Missouri lost a trio of 1,000-point scorers off last year's Elite Eight team, yet there was no cause for alarm.
Not with Mike Anderson's program.
"Nothing changes," said Missouri's Kim English after the 10th-seeded Tigers knocked off No. 7 seed Clemson to advance to a second-round date with West Virginia on Saturday. "We're the same team as last year. The system never changes.
"We don't change what we do. It's the same thing. Attack, attack, attack."
There's not a single guy in the locker room who earned enough respect to get into Scout.com's Top 100 recruits coming out of high school.
English was the closest, and he remembers his final tally well: No. 111.
"You can't rate a guy's heart," Anderson said on Friday afternoon. "I'd like some Top 50 players (on my team). It would make my job easier, but you've got to work with what you've got."
Anderson has done that about as effectively as anyone in the nation.
Anderson has spent eight years as a head coach -- four at UAB and the last four at Missouri. He has five NCAA appearances in that span.
Pretty impressive for those two spots.
Missouri went on a shocking run last season at this time when DeMarre Carroll, Leo Lyons and Matt Carroll led the Tigers past Cornell, Marquette and a heavily favored Memphis team into an Elite Eight matchup against UConn.
The latest one to feel the wrath of the relentless pressure was a Clemson team that thrives on playing up-tempo.
This is what the other Tigers yearn for, to get out and run.
However, Oliver Purnell's Clemson team, which is one of the more athletic teams in the country, committed 20 turnovers and only forced nine in the loss.
It was no shock since Missouri leads the nation in forcing turnovers and steals yet only turns it over 13 times per game.
"They were quick, but I didn't think we were alert out there," Clemson point guard Demontez Stitt said.
Let's face it.
Missouri can rattle the best of 'em with the "Fastest 40 Minutes of Basketball."
The Tigers' next opponent is a West Virginia team that's weakness is its point-guard play.
I'm not calling the upset, but I wouldn't be shocked, either.
These guys may be individually anonymous, but they have earned an identity as a unit.
They take grinders, get them to buy into the team concept and play harder and faster than their opponent.
It's not that Missouri doesn't go after the McDonald's All-Americans, but the coaching staff almost always swings and misses.
"Our style is different than everyone else," Missouri assistant Matt Zimmerman said. "It sounds good, but it's tough.

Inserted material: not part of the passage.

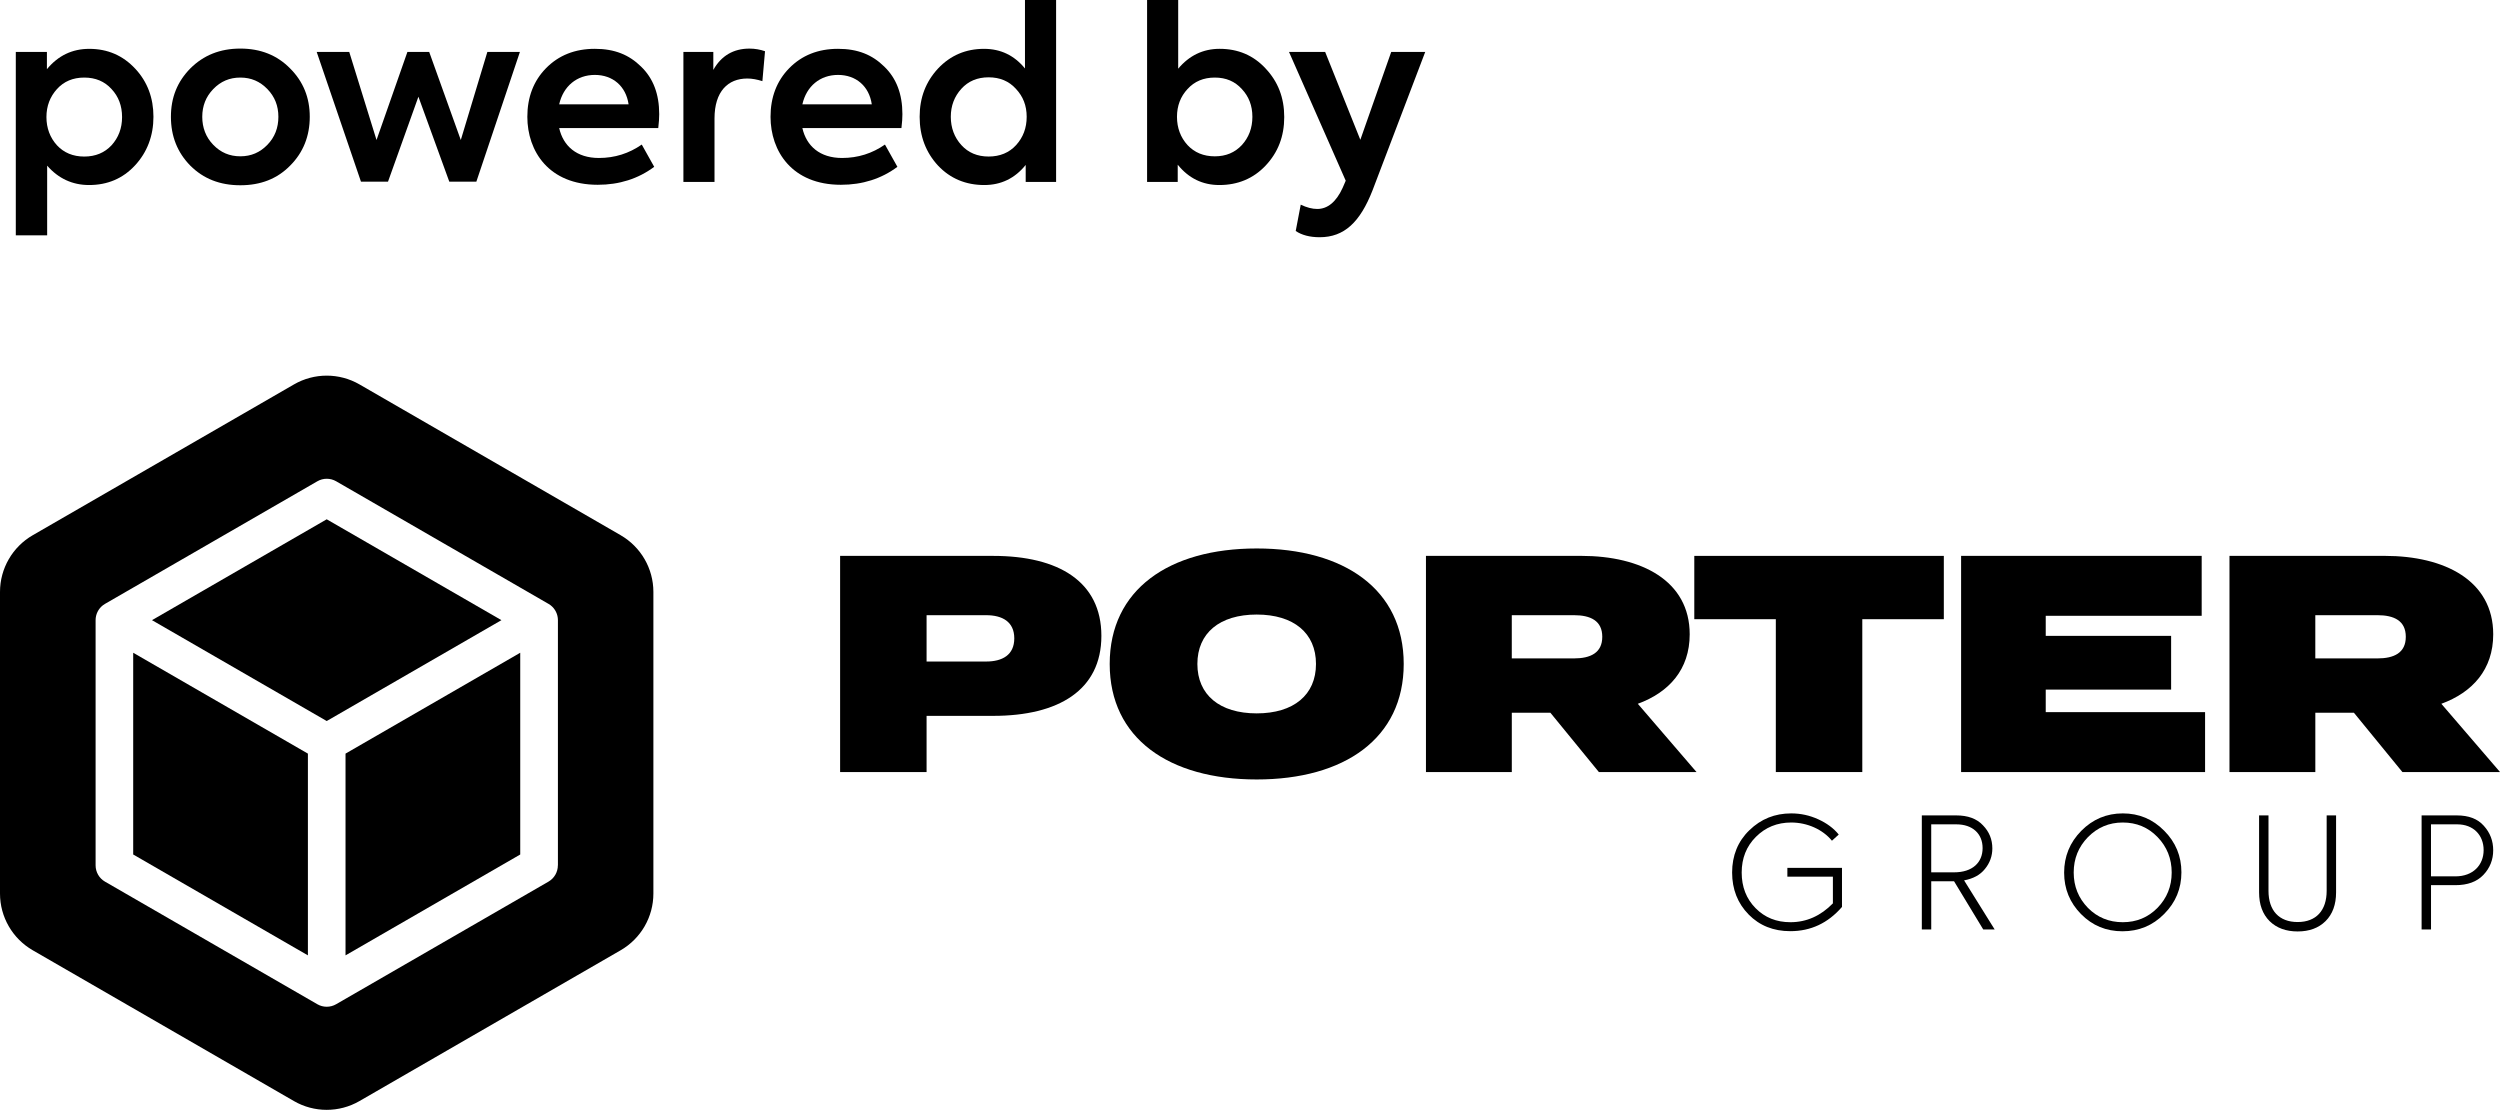 <svg xmlns="http://www.w3.org/2000/svg" viewBox="0 0 1319.5 585.79"><g id="a"></g><g id="b"><g id="c"><g><g><g><polygon points="172.44 274.08 80.22 327.32 172.44 380.56 264.65 327.32 172.44 274.08"></polygon><polygon points="70.3 451 162.51 504.24 162.51 397.76 70.3 344.52 70.3 451"></polygon><polygon points="182.37 504.24 274.58 451 274.58 344.52 182.37 397.76 182.37 504.24"></polygon><path d="M327.6,282.49l-137.87-79.6c-10.69-6.17-23.87-6.17-34.56,0L17.28,282.49c-10.69,6.17-17.28,17.58-17.28,29.93v159.2c0,12.35,6.59,23.76,17.28,29.93l137.87,79.6c10.69,6.17,23.87,6.17,34.56,0l137.87-79.6c10.69-6.17,17.28-17.58,17.28-29.93v-159.2c0-12.35-6.59-23.76-17.28-29.93Zm-33.16,174.24c0,3.55-1.89,6.83-4.96,8.6l-112.07,64.7c-1.54,.89-3.25,1.33-4.96,1.33s-3.43-.44-4.96-1.33l-112.07-64.7c-3.07-1.77-4.96-5.05-4.96-8.6v-129.41c0-3.1,1.45-6,3.87-7.87,.35-.27,.71-.51,1.1-.73l112.07-64.7c3.07-1.77,6.86-1.77,9.93,0l112.07,64.7c.38,.22,.75,.47,1.1,.73,2.42,1.86,3.87,4.76,3.87,7.87v129.41Z"></path></g><g><g><path d="M922.93,482.66c-5.78-5.86-8.72-13.28-8.72-22.15s3.01-16.45,9.12-22.32c6.11-5.95,13.44-8.88,22.07-8.88,5.05,0,9.77,1.06,14.25,3.1,4.48,2.04,8.15,4.73,10.83,8.06l-3.58,3.26c-4.89-5.95-13.03-9.61-21.5-9.61-7.41,0-13.6,2.53-18.65,7.58-4.97,4.97-7.49,11.24-7.49,18.82s2.44,13.85,7.33,18.81c4.89,4.97,11,7.41,18.41,7.41,8.47,0,15.96-3.34,22.4-9.94v-14.09h-24.03v-4.64h28.83v20.61c-7.41,8.55-16.45,12.79-27.29,12.79-8.88,0-16.21-2.93-21.99-8.8Z"></path><path d="M1046.75,490.56l-15.39-25.41h-12.05v25.41h-4.97v-60.19h18.16c6.11,0,10.83,1.71,14.09,5.21,3.34,3.42,4.97,7.49,4.97,12.22,0,3.99-1.3,7.66-3.91,10.83-2.52,3.18-6.19,5.13-11,6.03l16.13,25.9h-6.03Zm-27.45-55.47v25.33h12.05c9.77,0,15.07-5.21,15.07-12.79s-5.3-12.54-13.85-12.54h-13.28Z"></path><path d="M1098.41,482.5c-5.95-6.03-8.96-13.36-8.96-21.91s3.01-15.96,9.04-22.07c6.03-6.11,13.36-9.21,21.91-9.21s15.8,3.02,21.83,9.12c6.11,6.11,9.12,13.44,9.12,21.99s-3.01,15.88-9.12,21.99c-6.03,6.11-13.36,9.12-21.99,9.12s-15.88-3.01-21.83-9.04Zm40.32-3.34c4.97-5.13,7.49-11.32,7.49-18.65s-2.52-13.6-7.49-18.73c-4.97-5.13-11.08-7.66-18.33-7.66s-13.36,2.61-18.41,7.74c-4.97,5.13-7.49,11.32-7.49,18.65s2.53,13.52,7.49,18.65c4.97,5.05,11.16,7.58,18.41,7.58s13.36-2.52,18.33-7.58Z"></path><path d="M1192.34,430.37h4.97v39.83c0,10.43,5.62,16.45,15.39,16.45s15.31-6.11,15.31-16.45v-39.83h4.97v40.64c0,6.44-1.87,11.49-5.54,15.15-3.67,3.66-8.63,5.46-14.74,5.46s-11.08-1.79-14.82-5.46c-3.67-3.67-5.54-8.72-5.54-15.15v-40.64Z"></path><path d="M1296.69,430.37c6.27,0,11,1.79,14.25,5.46,3.34,3.67,4.97,7.98,4.97,12.95s-1.71,9.37-5.21,13.03c-3.42,3.58-8.31,5.38-14.74,5.38h-12.87v23.38h-4.97v-60.19h18.57Zm-.65,32.17c9.2,0,14.82-5.95,14.82-13.85s-5.38-13.6-13.93-13.6h-13.85v27.45h12.95Z"></path></g><g><path d="M581.31,335.61c0,28.69-22.66,42.22-57.05,42.22h-35.21v29.67h-45.64v-114.1h80.85c34.39,0,57.05,13.53,57.05,42.21Zm-45.97,1.31c0-8.8-6.36-12.22-14.83-12.22h-31.46v24.45h31.46c8.48,0,14.83-3.42,14.83-12.22Z"></path><path d="M585.7,350.44c0-39.28,31.3-60.96,77.59-60.96s77.59,21.68,77.59,60.96-31.3,60.96-77.59,60.96-77.59-21.68-77.59-60.96Zm108.88,0c0-16.3-11.74-26.08-31.3-26.08s-31.3,9.78-31.3,26.08,11.74,26.08,31.3,26.08,31.3-9.78,31.3-26.08Z"></path><path d="M843.89,407.49l-25.59-31.3h-20.37v31.3h-45.31v-114.1h81.99c31.62,0,57.21,13.04,57.21,41.4,0,18.58-10.92,30.64-27.38,36.67l30.97,36.02h-51.51Zm-45.97-59.98h32.76c8.8,0,15-2.93,15-11.41s-6.19-11.41-15-11.41h-32.76v22.82Z"></path><path d="M1025.95,326.81h-43.03v80.68h-45.64v-80.68h-43.03v-33.41h131.7v33.41Z"></path><path d="M1163.84,375.87v31.62h-128.77v-114.1h126.98v31.62h-82.31v10.59h66.18v28.36h-66.18v11.9h84.11Z"></path><path d="M1267.99,407.49l-25.59-31.3h-20.37v31.3h-45.31v-114.1h81.99c31.62,0,57.21,13.04,57.21,41.4,0,18.58-10.92,30.64-27.38,36.67l30.97,36.02h-51.51Zm-45.97-59.98h32.76c8.8,0,15-2.93,15-11.41s-6.19-11.41-15-11.41h-32.76v22.82Z"></path></g></g></g><g><path d="M71.39,36.26c6.44,6.95,9.6,15.41,9.6,25.39s-3.28,18.7-9.73,25.65c-6.44,6.95-14.53,10.36-24.26,10.36-8.72,0-16.17-3.41-22.11-10.23v36.77H8.34V27.42H24.76v9.1c5.94-7.2,13.39-10.74,22.36-10.74,9.73,0,17.81,3.54,24.26,10.49ZM30.07,76.69c3.66,3.92,8.46,5.94,14.4,5.94s10.74-2.02,14.4-5.94c3.66-4.04,5.56-8.97,5.56-14.91s-1.89-10.87-5.56-14.78c-3.66-4.04-8.46-6.06-14.4-6.06s-10.74,2.02-14.4,6.06-5.56,8.97-5.56,14.78,1.89,10.87,5.56,14.91Z"></path><path d="M100.44,36.13c6.95-6.95,15.67-10.49,26.41-10.49s19.46,3.54,26.28,10.49c6.95,6.95,10.36,15.41,10.36,25.52s-3.41,18.83-10.36,25.77c-6.82,6.95-15.54,10.36-26.28,10.36s-19.46-3.41-26.41-10.36c-6.82-6.95-10.23-15.54-10.23-25.77s3.41-18.57,10.23-25.52Zm40.68,10.87c-3.92-4.04-8.59-6.06-14.28-6.06s-10.36,2.02-14.28,6.06c-3.92,4.04-5.81,8.97-5.81,14.66s1.89,10.74,5.81,14.78c3.92,4.04,8.59,6.06,14.28,6.06s10.36-2.02,14.28-6.06c3.92-4.04,5.81-8.97,5.81-14.78s-1.9-10.61-5.81-14.66Z"></path><path d="M190.52,95.89l-23.37-68.48h17.18l14.4,46.49,16.3-46.49h11.5l16.68,46.49,14.02-46.49h17.18l-22.99,68.48h-14.28l-16.3-44.85-16.05,44.85h-14.28Z"></path><path d="M347.44,67.59h-52.31c2.15,9.48,9.22,15.79,20.97,15.79,8.34,0,15.92-2.4,22.62-7.08l6.57,11.75c-8.46,6.32-18.45,9.48-29.82,9.48-25.77,0-37.14-17.69-37.14-35.88,0-10.36,3.29-18.95,9.85-25.65,6.7-6.82,15.29-10.23,25.77-10.23s18.07,3.16,24.38,9.35c6.44,6.19,9.6,14.53,9.6,25.14,0,1.89-.13,4.3-.5,7.33Zm-52.31-12.51h36.64c-1.39-9.6-8.34-15.54-17.81-15.54s-16.68,5.94-18.83,15.54Z"></path><path d="M360.7,96.02V27.42h15.79v9.48c4.17-7.46,10.61-11.25,19.08-11.25,2.91,0,5.69,.51,8.21,1.39l-1.39,15.79c-2.78-.88-5.43-1.39-7.96-1.39-10.23,0-17.31,6.82-17.31,21.1v33.48h-16.42Z"></path><path d="M475.8,67.59h-52.31c2.15,9.48,9.22,15.79,20.97,15.79,8.34,0,15.92-2.4,22.62-7.08l6.57,11.75c-8.47,6.32-18.45,9.48-29.82,9.48-25.77,0-37.14-17.69-37.14-35.88,0-10.36,3.29-18.95,9.85-25.65,6.7-6.82,15.29-10.23,25.77-10.23s18.07,3.16,24.38,9.35c6.44,6.19,9.6,14.53,9.6,25.14,0,1.89-.13,4.3-.51,7.33Zm-52.31-12.51h36.64c-1.39-9.6-8.34-15.54-17.81-15.54s-16.68,5.94-18.83,15.54Z"></path><path d="M540.99,0h16.42V96.02h-16.05v-8.97c-5.69,7.08-13.01,10.61-21.86,10.61-9.73,0-17.94-3.41-24.38-10.23-6.44-6.95-9.73-15.54-9.73-25.77s3.29-18.57,9.73-25.52c6.57-6.95,14.66-10.36,24.26-10.36,8.72,0,15.92,3.41,21.6,10.36V0Zm-4.67,76.56c3.66-4.04,5.56-8.97,5.56-14.91s-1.9-10.74-5.69-14.78c-3.66-4.04-8.46-6.06-14.4-6.06s-10.74,2.02-14.4,6.06-5.56,8.97-5.56,14.78,1.89,10.87,5.56,14.91,8.46,6.06,14.4,6.06,10.87-2.02,14.53-6.06Z"></path><path d="M667.96,36.13c6.57,6.95,9.86,15.41,9.86,25.65s-3.29,18.7-9.86,25.65c-6.44,6.82-14.66,10.23-24.38,10.23-8.84,0-16.17-3.54-21.98-10.74v9.1h-16.17V0h16.42V36.26c5.81-6.95,13.14-10.49,21.86-10.49,9.73,0,17.81,3.41,24.26,10.36Zm-12.51,10.87c-3.66-4.04-8.34-6.06-14.28-6.06s-10.74,2.02-14.4,6.06c-3.66,3.92-5.56,8.84-5.56,14.66s1.89,10.87,5.56,14.91c3.66,3.92,8.46,5.94,14.4,5.94s10.61-2.02,14.28-5.94c3.66-4.04,5.56-8.97,5.56-14.91s-1.9-10.74-5.56-14.66Z"></path><path d="M734.29,27.42h17.94l-27.8,73.03c-6.57,16.8-14.91,24.76-27.92,24.76-5.18,0-9.48-1.14-12.63-3.29l2.65-13.9c3.16,1.52,6.06,2.27,8.72,2.27,5.43,0,9.98-3.66,13.39-11.12l1.64-3.79-29.94-67.97h19.08l18.57,46.37,16.3-46.37Z"></path></g></g></g></g></svg>

"Plus, you come here, and you know you're not going to play 36 minutes a game."
English, who leads the team in scoring, logs about 24 minutes per contest. Defensive-minded guard Zaire Taylor averages about 27 per game.
"We come in, and it's about winning," said sophomore guard Marcus Denmon. "We sacrifice the other things."
"We know that everyone loves a winner," added English. "Everyone's happy when you win, and we've been winning."
It's because Mizzou, for the most part, plays with intensity and a sense of urgency. When it doesn't -- on that rare occasion such as the Big 12 first-round tournament loss last week -- it can't win.
"We had no sense of urgency," English said of the Big 12 tournament loss.
English and Keith Ramsey led the team with 20 points apiece in the victory over Clemson.
Laurence Bowers and J.T. Tiller also figured in double-digits, but it was Taylor, a starting guard, who may have flashed the widest smile in the locker room following the game despite scoring just three points and taking one shot.
Taylor and Tiller set the tone defensively for a team that creates havoc on both ends of the floor.
"Sometimes I sit there and enjoy what's going on," Anderson said. "It's crazy and erratic and the ball's popping up like popcorn."
And the movie reviews have been favorable.